## INSTRUCTIONS FOR THE TASK
Could you filter the records below and return each line that holds "Boulanger"?

## GIVEN DATA

****************

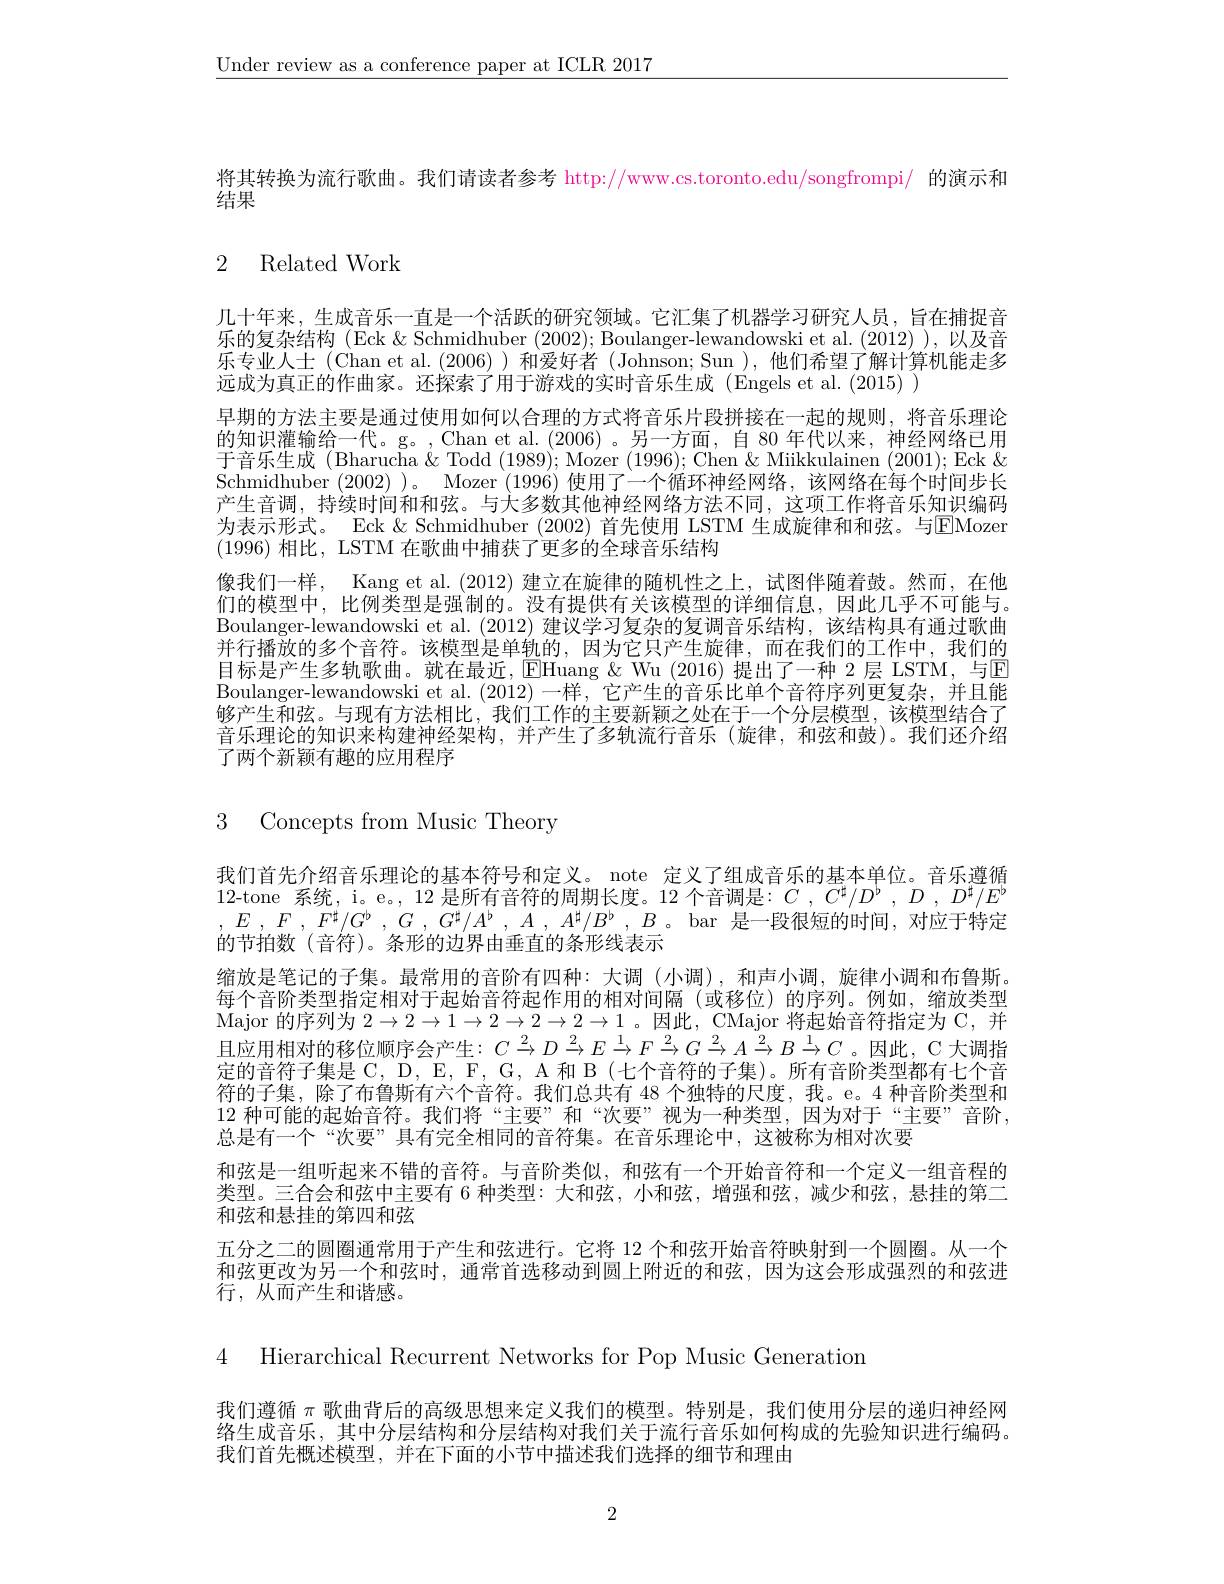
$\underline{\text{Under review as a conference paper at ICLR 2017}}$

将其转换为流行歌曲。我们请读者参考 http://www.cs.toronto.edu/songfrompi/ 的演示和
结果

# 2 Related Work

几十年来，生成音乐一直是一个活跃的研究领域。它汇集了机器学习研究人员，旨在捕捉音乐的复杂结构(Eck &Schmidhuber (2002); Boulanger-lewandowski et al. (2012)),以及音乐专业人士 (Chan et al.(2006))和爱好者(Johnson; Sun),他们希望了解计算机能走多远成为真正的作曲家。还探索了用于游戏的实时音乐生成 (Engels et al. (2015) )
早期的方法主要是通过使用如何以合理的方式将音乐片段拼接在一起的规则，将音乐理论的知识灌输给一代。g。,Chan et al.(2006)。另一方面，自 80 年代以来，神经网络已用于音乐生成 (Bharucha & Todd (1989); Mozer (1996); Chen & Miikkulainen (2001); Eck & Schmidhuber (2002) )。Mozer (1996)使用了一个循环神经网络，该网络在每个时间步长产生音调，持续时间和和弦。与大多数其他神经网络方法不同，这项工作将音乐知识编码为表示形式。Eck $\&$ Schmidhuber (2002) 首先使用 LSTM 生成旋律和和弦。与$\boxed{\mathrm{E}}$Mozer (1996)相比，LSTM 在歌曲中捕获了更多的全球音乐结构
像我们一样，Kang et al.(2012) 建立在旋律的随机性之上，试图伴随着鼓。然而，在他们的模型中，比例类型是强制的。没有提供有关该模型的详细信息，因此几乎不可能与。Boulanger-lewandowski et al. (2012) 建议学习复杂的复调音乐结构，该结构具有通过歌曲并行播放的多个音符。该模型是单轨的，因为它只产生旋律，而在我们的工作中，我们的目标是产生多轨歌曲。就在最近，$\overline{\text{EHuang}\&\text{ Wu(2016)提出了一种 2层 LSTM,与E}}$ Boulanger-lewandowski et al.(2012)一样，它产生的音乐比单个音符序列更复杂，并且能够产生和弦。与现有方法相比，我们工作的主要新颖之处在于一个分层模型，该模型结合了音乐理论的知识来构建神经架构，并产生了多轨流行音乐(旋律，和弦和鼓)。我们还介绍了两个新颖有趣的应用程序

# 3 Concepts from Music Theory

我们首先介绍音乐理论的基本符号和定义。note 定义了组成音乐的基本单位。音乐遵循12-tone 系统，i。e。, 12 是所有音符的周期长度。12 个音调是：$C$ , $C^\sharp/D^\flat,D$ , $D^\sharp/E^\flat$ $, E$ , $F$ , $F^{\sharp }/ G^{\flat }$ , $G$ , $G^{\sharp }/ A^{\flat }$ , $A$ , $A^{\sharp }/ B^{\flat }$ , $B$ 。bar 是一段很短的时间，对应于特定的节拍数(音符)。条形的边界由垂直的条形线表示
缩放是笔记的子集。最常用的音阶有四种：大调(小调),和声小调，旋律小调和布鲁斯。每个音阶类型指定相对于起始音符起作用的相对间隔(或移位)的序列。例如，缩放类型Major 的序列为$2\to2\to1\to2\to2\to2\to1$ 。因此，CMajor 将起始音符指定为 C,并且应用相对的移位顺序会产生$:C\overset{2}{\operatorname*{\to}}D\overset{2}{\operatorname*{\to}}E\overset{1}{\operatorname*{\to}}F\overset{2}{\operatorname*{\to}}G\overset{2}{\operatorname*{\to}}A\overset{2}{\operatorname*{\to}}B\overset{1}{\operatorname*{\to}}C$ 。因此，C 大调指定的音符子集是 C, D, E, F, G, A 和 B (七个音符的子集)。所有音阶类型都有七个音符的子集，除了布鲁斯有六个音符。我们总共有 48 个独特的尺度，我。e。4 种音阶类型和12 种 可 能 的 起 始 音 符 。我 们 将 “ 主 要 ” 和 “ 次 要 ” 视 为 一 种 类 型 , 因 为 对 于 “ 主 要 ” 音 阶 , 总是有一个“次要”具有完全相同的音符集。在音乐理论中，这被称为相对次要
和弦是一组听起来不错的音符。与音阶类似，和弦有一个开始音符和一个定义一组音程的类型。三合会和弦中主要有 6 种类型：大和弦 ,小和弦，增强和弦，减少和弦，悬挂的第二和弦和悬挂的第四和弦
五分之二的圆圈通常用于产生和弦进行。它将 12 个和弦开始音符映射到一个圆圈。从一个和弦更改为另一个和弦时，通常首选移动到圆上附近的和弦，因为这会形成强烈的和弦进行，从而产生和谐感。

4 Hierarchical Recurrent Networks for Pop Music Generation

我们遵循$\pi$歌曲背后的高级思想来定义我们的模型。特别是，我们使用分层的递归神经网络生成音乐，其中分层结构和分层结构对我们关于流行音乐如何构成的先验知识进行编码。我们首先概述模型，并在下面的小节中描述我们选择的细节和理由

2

****************

## SOLUTION
几十年来，生成音乐一直是一个活跃的研究领域。它汇集了机器学习研究人员，旨在捕捉音乐的复杂结构(Eck &Schmidhuber (2002); Boulanger-lewandowski et al. (2012)),以及音乐专业人士 (Chan et al.(2006))和爱好者(Johnson; Sun),他们希望了解计算机能走多远成为真正的作曲家。还探索了用于游戏的实时音乐生成 (Engels et al. (2015) )
像我们一样，Kang et al.(2012) 建立在旋律的随机性之上，试图伴随着鼓。然而，在他们的模型中，比例类型是强制的。没有提供有关该模型的详细信息，因此几乎不可能与。Boulanger-lewandowski et al. (2012) 建议学习复杂的复调音乐结构，该结构具有通过歌曲并行播放的多个音符。该模型是单轨的，因为它只产生旋律，而在我们的工作中，我们的目标是产生多轨歌曲。就在最近，$\overline{\text{EHuang}\&\text{ Wu(2016)提出了一种 2层 LSTM,与E}}$ Boulanger-lewandowski et al.(2012)一样，它产生的音乐比单个音符序列更复杂，并且能够产生和弦。与现有方法相比，我们工作的主要新颖之处在于一个分层模型，该模型结合了音乐理论的知识来构建神经架构，并产生了多轨流行音乐(旋律，和弦和鼓)。我们还介绍了两个新颖有趣的应用程序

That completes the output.